▶ [RECORDS PROVIDED]:
============
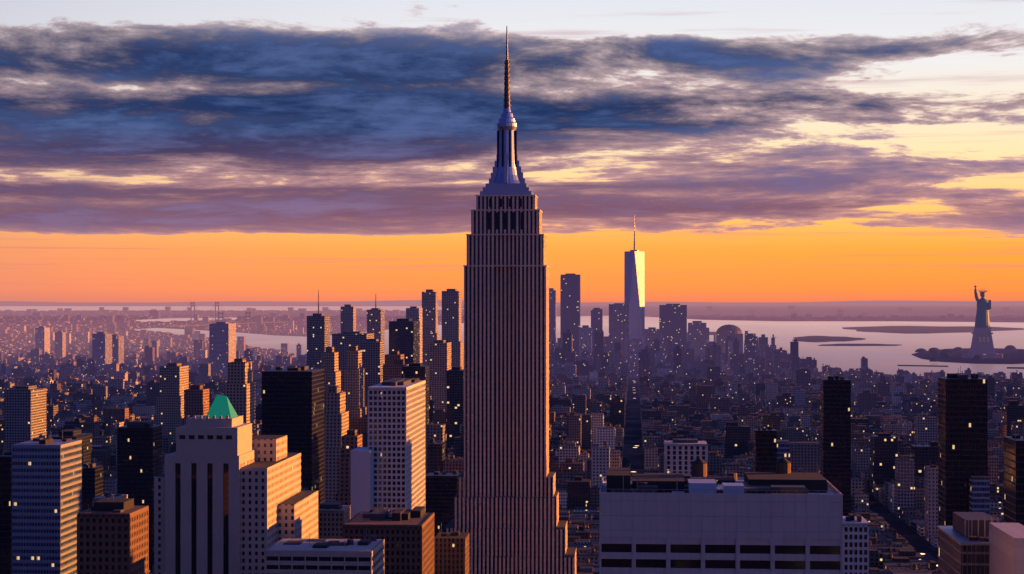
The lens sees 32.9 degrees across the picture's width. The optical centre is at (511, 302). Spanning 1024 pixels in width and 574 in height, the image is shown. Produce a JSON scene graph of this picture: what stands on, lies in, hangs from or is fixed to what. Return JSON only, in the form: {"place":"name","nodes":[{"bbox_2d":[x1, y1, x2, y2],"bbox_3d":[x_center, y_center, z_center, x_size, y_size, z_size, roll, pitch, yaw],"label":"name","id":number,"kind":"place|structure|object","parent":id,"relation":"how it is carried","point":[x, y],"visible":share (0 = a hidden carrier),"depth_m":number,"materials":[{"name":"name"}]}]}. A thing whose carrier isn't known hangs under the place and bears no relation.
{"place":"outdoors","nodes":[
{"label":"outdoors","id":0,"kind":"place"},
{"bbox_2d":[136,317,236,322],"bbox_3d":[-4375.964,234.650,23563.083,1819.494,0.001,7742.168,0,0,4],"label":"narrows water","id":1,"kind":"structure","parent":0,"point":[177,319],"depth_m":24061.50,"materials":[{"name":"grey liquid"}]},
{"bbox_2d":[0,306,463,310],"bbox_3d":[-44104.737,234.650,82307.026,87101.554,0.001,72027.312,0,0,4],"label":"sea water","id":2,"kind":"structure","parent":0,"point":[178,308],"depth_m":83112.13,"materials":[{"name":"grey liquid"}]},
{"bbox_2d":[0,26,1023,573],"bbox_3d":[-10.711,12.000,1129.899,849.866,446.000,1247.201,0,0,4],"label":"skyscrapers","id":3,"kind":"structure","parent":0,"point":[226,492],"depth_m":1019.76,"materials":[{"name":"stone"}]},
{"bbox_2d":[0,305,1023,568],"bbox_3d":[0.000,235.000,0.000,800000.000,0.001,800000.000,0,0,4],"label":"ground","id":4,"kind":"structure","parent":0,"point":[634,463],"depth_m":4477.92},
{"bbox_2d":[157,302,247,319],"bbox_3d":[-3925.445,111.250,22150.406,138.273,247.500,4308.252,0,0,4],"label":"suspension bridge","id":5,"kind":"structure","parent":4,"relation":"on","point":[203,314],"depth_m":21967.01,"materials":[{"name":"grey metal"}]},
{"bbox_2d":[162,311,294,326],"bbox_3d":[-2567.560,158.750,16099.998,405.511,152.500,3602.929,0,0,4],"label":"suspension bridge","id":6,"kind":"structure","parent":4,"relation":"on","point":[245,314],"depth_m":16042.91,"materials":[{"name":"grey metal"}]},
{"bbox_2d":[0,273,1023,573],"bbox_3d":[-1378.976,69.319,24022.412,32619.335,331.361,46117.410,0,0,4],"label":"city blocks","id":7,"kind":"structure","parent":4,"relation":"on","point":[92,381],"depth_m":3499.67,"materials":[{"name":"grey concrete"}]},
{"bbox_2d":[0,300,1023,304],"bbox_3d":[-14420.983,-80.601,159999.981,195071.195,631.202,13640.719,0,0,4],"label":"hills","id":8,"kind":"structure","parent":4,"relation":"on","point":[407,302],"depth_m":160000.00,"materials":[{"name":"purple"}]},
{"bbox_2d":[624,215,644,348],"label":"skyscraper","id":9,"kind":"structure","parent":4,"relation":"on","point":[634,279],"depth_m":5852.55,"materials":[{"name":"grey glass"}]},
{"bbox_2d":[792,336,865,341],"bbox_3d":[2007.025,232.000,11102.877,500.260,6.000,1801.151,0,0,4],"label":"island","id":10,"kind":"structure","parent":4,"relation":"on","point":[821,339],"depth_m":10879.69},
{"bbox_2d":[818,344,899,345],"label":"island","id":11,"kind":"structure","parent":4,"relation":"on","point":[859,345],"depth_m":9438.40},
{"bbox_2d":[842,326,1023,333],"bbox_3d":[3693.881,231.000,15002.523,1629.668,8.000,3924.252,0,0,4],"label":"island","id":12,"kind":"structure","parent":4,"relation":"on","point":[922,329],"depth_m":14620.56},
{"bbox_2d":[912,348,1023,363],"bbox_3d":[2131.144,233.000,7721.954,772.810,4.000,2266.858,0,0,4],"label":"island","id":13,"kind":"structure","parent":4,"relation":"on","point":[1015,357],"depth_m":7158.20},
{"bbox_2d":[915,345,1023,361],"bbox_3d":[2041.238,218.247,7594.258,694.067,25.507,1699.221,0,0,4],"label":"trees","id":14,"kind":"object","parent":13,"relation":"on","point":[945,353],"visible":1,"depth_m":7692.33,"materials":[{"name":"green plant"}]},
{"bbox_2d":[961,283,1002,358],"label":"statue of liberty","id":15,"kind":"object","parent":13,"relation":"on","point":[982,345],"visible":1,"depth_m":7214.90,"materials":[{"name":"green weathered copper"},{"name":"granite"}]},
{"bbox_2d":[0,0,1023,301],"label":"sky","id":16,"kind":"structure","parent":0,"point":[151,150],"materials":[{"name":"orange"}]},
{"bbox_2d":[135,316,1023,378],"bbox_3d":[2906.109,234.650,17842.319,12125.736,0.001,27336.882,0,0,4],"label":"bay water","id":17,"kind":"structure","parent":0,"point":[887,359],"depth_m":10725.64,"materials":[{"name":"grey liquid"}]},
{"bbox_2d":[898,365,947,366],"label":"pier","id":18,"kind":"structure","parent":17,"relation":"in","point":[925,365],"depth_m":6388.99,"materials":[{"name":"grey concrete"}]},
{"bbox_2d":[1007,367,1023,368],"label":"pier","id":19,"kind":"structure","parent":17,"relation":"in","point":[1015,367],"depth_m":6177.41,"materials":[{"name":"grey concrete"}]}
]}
============
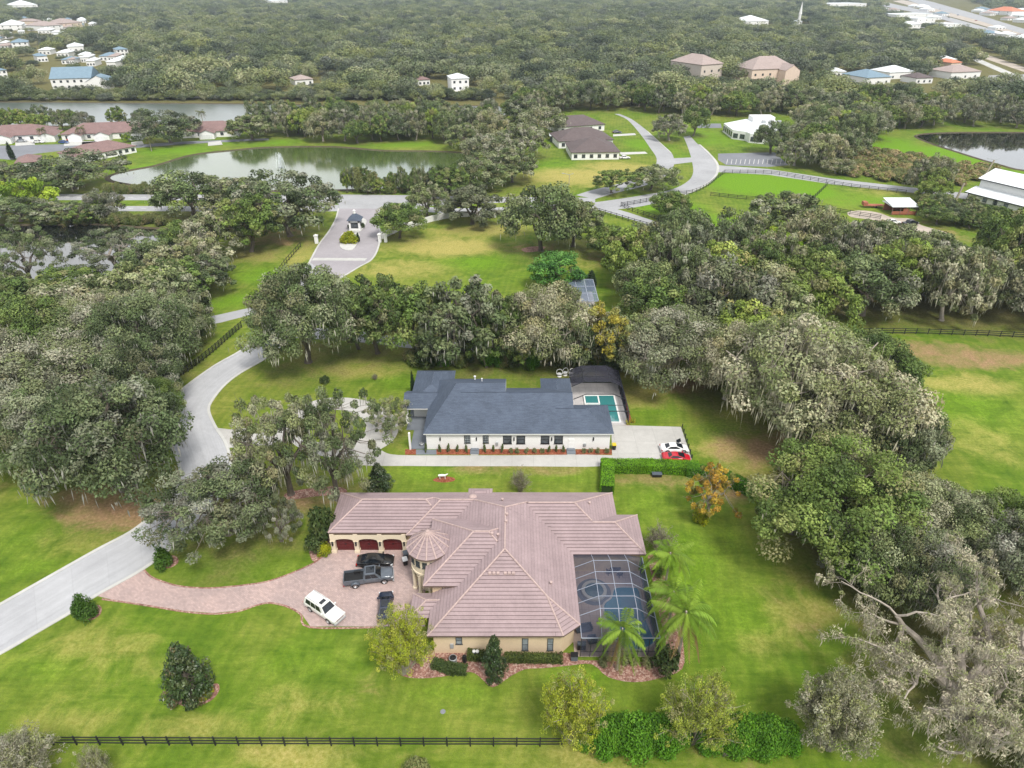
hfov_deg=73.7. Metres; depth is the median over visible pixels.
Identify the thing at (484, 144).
============
▶ [PROBLEM]: When the line with "hfov_deg=73.7. Metres; depth" is reached in the data above, start copying there, and copy each line exactly until the line with "Identify the thing at (484, 144)." has been copied; copy nothing else.

▶ [SOLUTION TO THIS TASK]:
hfov_deg=73.7. Metres; depth is the median over visible pixels.
Identify the thing at (484, 144).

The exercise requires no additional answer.